Key benefits for organizations modernizing with Red Hat, especially using Red Hat OpenShift Virtualization include reduced Costs and vendor lock-in, because open source virtualization lowers hypervisor costs. Pre-validated design and automated provisioning accelerate application delivery. Enterprise-grade resilience comes from 100% data availability and GAD for multi-site failover. Increased automation and observability come from Integrated tools for consistent policies and secure hybrid operations. Red Hat OpenShift Virtualization also enables VMs and containers to coexist, simplifying modernization.
This announcement represents the latest development in the Hitachi Vantara and Red Hat relationship. Earlier this year, the companies announced an update to the Red Hat OpenShift migration toolkit for virtualization.
“The update introduced storage offloading for cold migrations, powered by VSP One,” Escorcio stated. “It moves the data copy process from servers to the storage layer, reducing migration time and freeing server resources for other workloads.” As a primary driver for the development of this feature, Hitachi Vantara is one of the first to have its offload driver reach technology preview.
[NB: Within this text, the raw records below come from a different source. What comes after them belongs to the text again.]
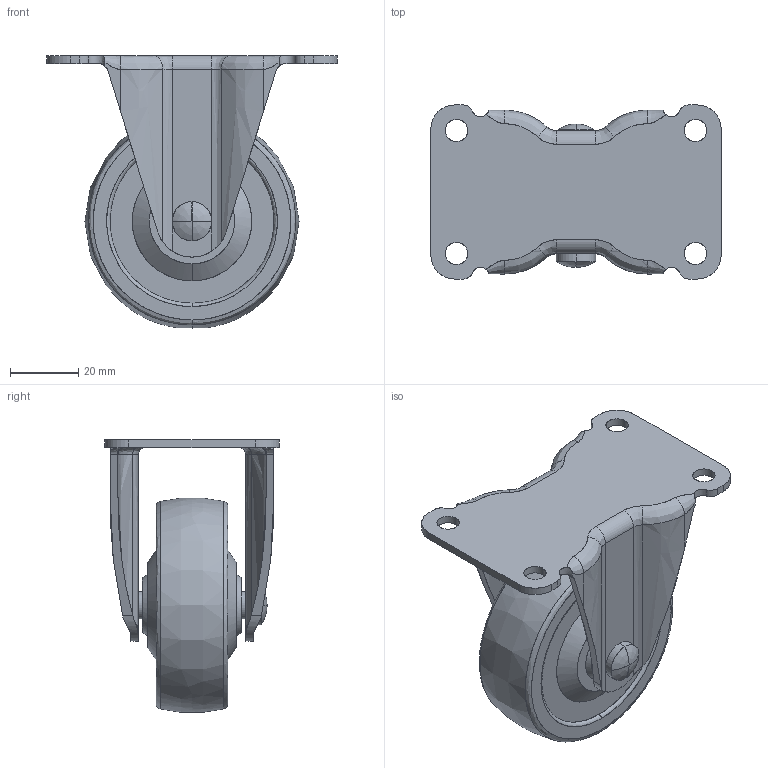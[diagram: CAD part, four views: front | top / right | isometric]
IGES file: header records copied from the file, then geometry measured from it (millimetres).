
Start section: JAMA-IS VERSION  1.0
Global section: file name: unknown; native system: SolidMX; preprocessor: V1.20; author: unknown; organization: unknown; date: 051215.134748; units: millimetre
Bounding box: 85 x 51 x 79.88 mm (x, y, z)
Surface area: 28223.4 mm2 (no closed solid volume)
Topology: 0 solids, 0 shells, 142 faces, 1332 edges, 1324 vertices
Faces by surface type: bspline 142
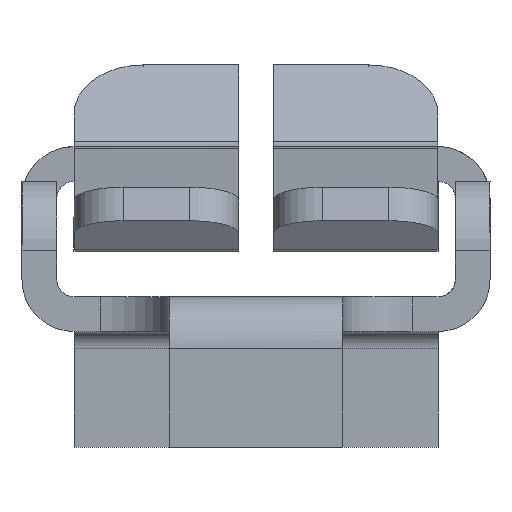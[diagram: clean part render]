
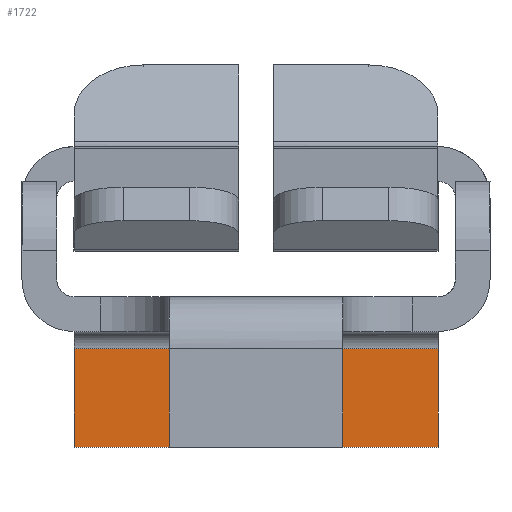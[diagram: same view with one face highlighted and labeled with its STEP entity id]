
A CAD part, front view. The second image highlights one B-rep face of the part: STEP entity #1722.
In plain terms, the highlighted planar face has unit normal (0, -1, 0).
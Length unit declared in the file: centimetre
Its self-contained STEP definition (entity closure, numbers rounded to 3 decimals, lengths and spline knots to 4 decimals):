
#138=PLANE('',#1882);
#282=VECTOR('',#2233,1.);
#299=VECTOR('',#2270,1.);
#319=VECTOR('',#2321,1.);
#320=VECTOR('',#2323,1.);
#464=LINE('',#2728,#282);
#481=LINE('',#2776,#299);
#501=LINE('',#2829,#319);
#502=LINE('',#2831,#320);
#635=VERTEX_POINT('',#2727);
#636=VERTEX_POINT('',#2729);
#654=VERTEX_POINT('',#2775);
#655=VERTEX_POINT('',#2777);
#886=EDGE_CURVE('',#635,#636,#464,.T.);
#912=EDGE_CURVE('',#654,#655,#481,.T.);
#939=EDGE_CURVE('',#636,#654,#501,.T.);
#940=EDGE_CURVE('',#655,#635,#502,.T.);
#1422=ORIENTED_EDGE('',*,*,#940,.F.);
#1423=ORIENTED_EDGE('',*,*,#912,.F.);
#1424=ORIENTED_EDGE('',*,*,#939,.F.);
#1425=ORIENTED_EDGE('',*,*,#886,.F.);
#1538=EDGE_LOOP('',(#1422,#1423,#1424,#1425));
#1630=FACE_BOUND('',#1538,.T.);
#1722=ADVANCED_FACE('',(#1630),#138,.F.);
#1882=AXIS2_PLACEMENT_3D('',#2830,#2322,$);
#2233=DIRECTION('',(0.,0.,-1.));
#2270=DIRECTION('',(0.,0.,1.));
#2321=DIRECTION('',(-1.,0.,0.));
#2322=DIRECTION('',(0.,1.,0.));
#2323=DIRECTION('',(1.,0.,0.));
#2727=CARTESIAN_POINT('',(0.1575,0.52,-0.015));
#2728=CARTESIAN_POINT('',(0.1575,0.52,0.0046));
#2729=CARTESIAN_POINT('',(0.1575,0.52,-0.1));
#2775=CARTESIAN_POINT('',(-0.1575,0.52,-0.1));
#2776=CARTESIAN_POINT('',(-0.1575,0.52,-0.1));
#2777=CARTESIAN_POINT('',(-0.1575,0.52,-0.015));
#2829=CARTESIAN_POINT('',(0.1575,0.52,-0.1));
#2830=CARTESIAN_POINT('',(0.,0.52,-0.0477));
#2831=CARTESIAN_POINT('',(0.,0.52,-0.015));

Escorcio thinks this relationship will be a good one for channel partners.
“This is a strong channel play for customers who want on-premises control with cloud-like agility,” he said. “It delivers guaranteed data availability, open-source flexibility, and enterprise-grade infrastructure – providing a compelling alternative to hyperscaler lock-in. Many of our partners also sell Red Hat solutions. This alignment strengthens our ecosystem and simplifies adoption for customers, making it easier to deploy and manage hybrid cloud solutions.”